-- Entries shown follows --

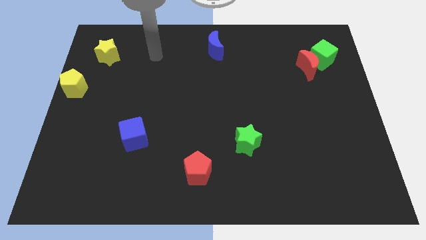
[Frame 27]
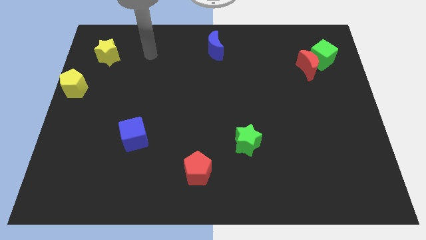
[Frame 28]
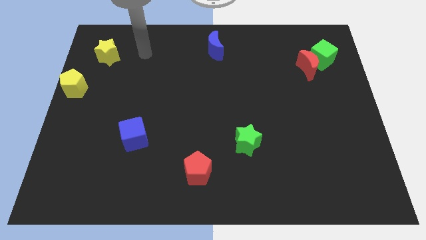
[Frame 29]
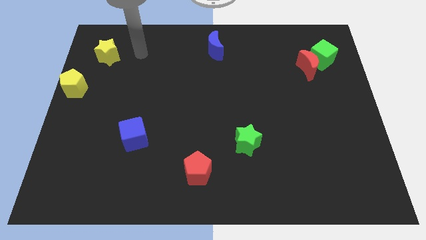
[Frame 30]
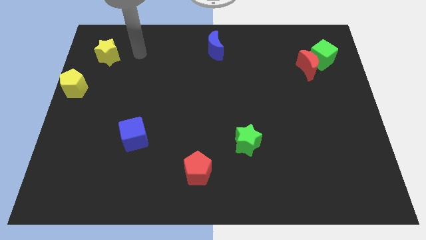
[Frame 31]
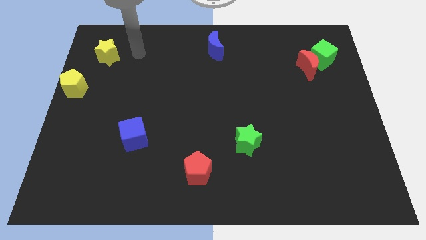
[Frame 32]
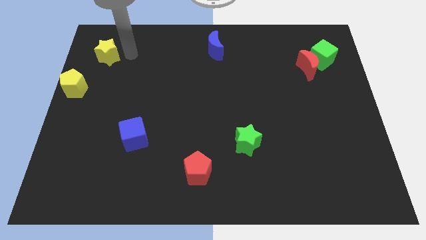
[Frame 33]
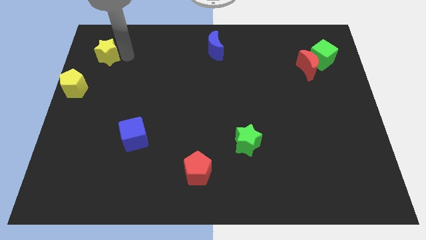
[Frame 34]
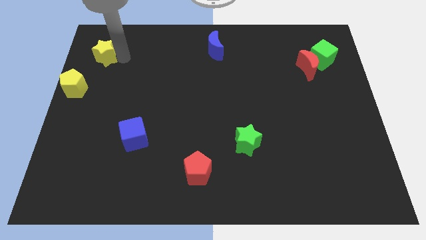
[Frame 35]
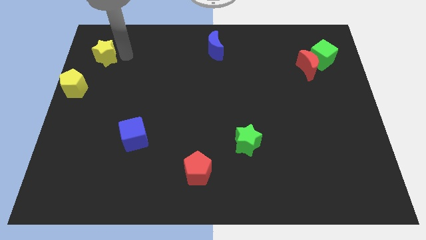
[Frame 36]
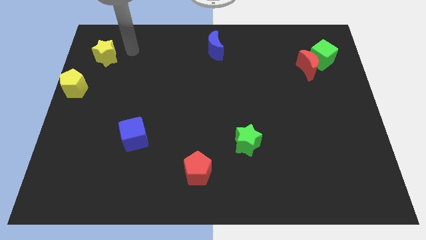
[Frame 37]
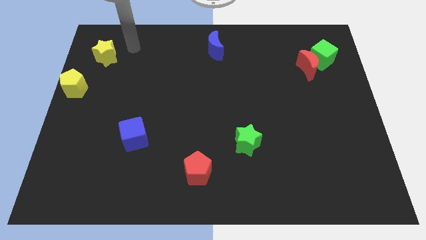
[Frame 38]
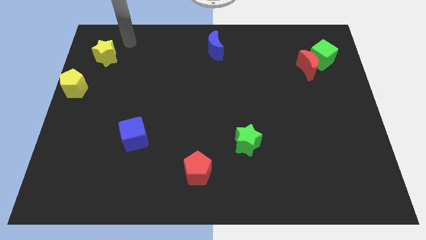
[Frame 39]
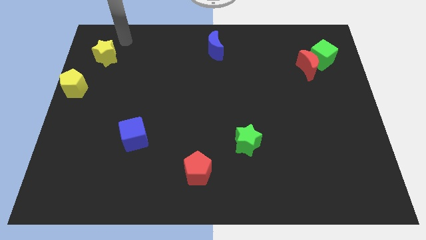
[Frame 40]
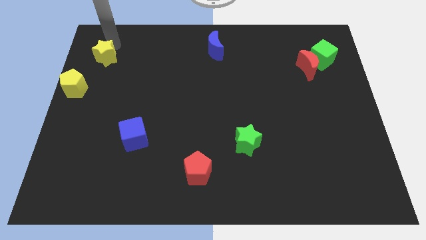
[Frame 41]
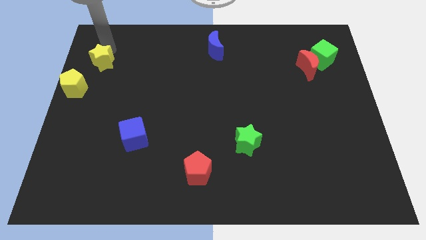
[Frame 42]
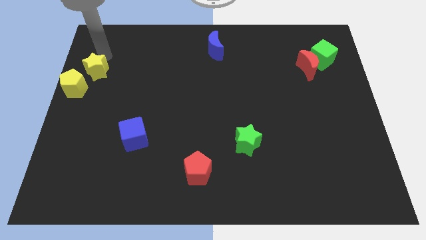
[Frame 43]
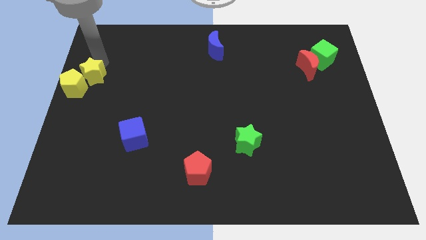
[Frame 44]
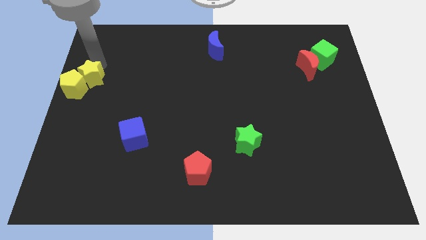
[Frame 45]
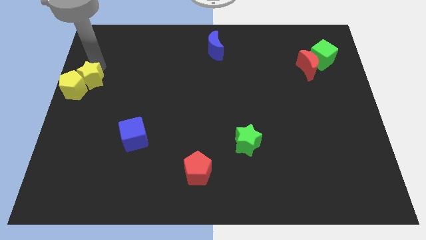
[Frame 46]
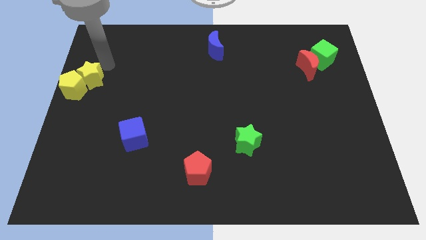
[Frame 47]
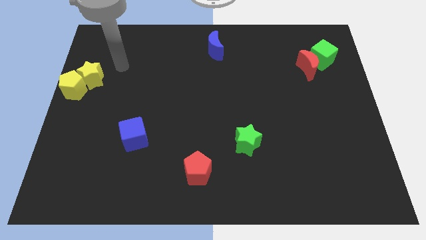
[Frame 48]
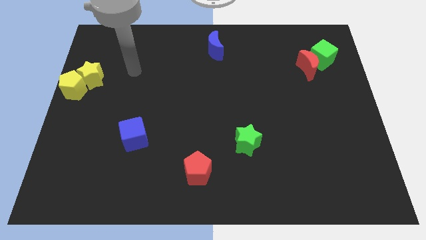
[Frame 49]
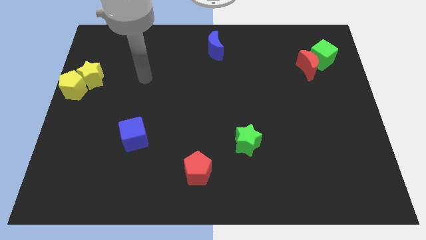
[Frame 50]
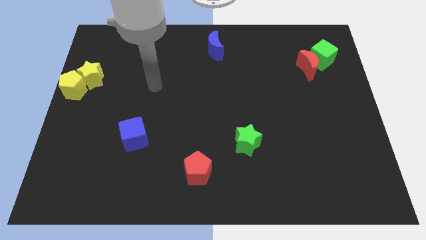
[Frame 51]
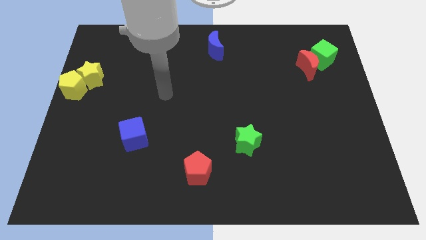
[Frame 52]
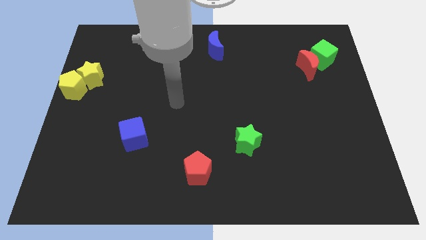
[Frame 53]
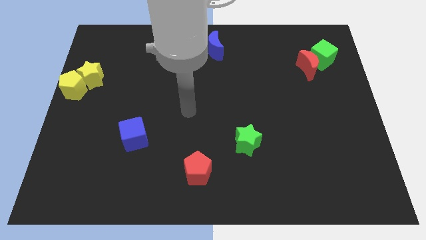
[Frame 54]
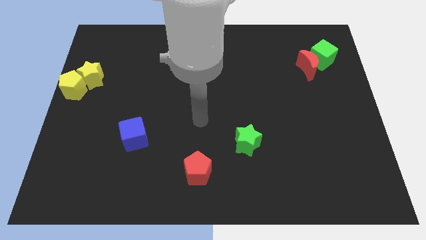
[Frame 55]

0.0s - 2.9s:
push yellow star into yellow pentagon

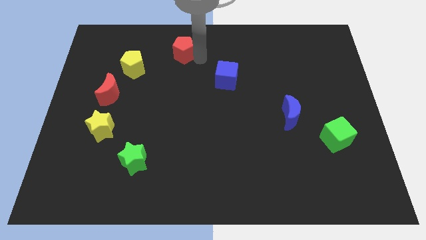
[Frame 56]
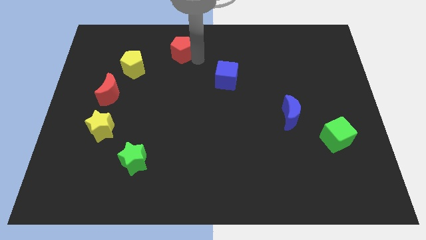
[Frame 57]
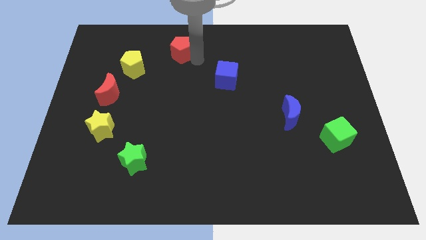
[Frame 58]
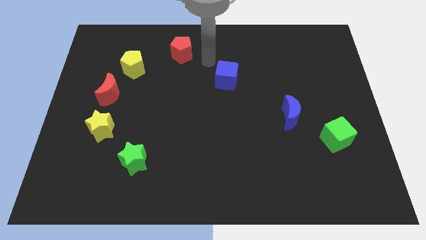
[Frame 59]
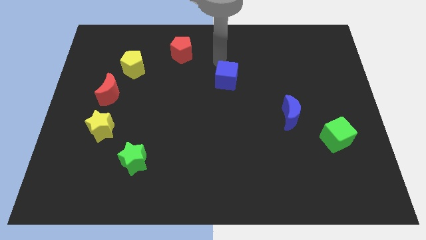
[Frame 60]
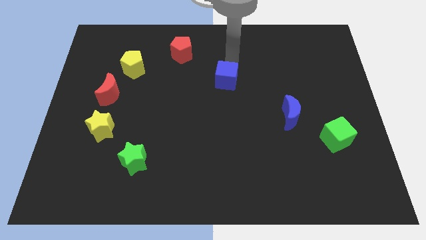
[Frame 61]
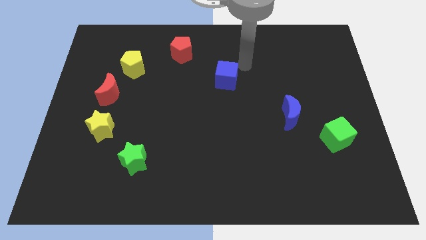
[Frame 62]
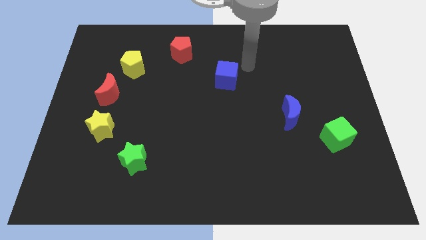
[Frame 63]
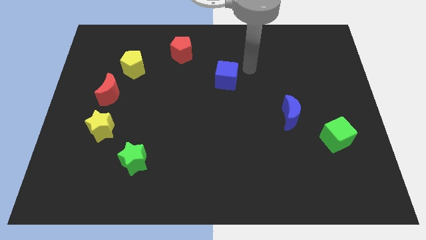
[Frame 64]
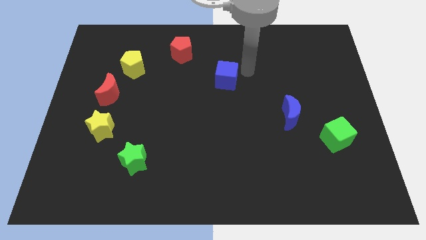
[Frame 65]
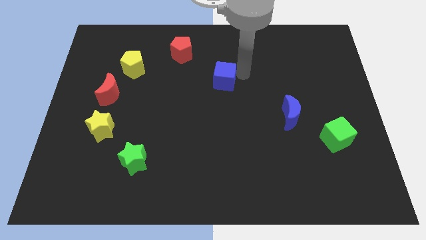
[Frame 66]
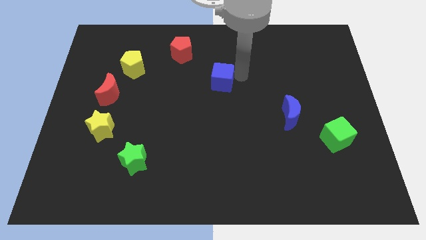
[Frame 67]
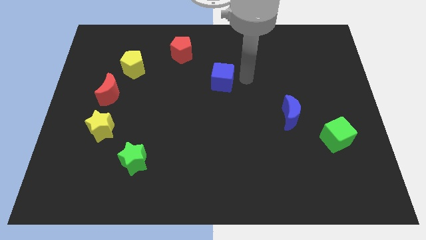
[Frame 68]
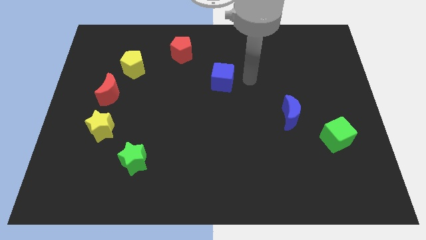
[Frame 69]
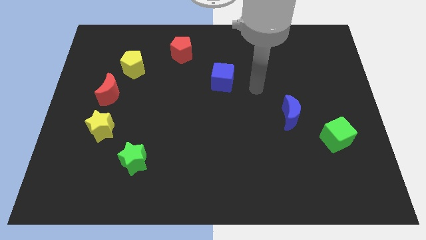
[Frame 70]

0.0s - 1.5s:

-- Entries shown concluded --

Output all the entries above verbatim, please. No images.

[Frame 27]
[Frame 28]
[Frame 29]
[Frame 30]
[Frame 31]
[Frame 32]
[Frame 33]
[Frame 34]
[Frame 35]
[Frame 36]
[Frame 37]
[Frame 38]
[Frame 39]
[Frame 40]
[Frame 41]
[Frame 42]
[Frame 43]
[Frame 44]
[Frame 45]
[Frame 46]
[Frame 47]
[Frame 48]
[Frame 49]
[Frame 50]
[Frame 51]
[Frame 52]
[Frame 53]
[Frame 54]
[Frame 55]

0.0s - 2.9s:
push yellow star into yellow pentagon

[Frame 56]
[Frame 57]
[Frame 58]
[Frame 59]
[Frame 60]
[Frame 61]
[Frame 62]
[Frame 63]
[Frame 64]
[Frame 65]
[Frame 66]
[Frame 67]
[Frame 68]
[Frame 69]
[Frame 70]

0.0s - 1.5s:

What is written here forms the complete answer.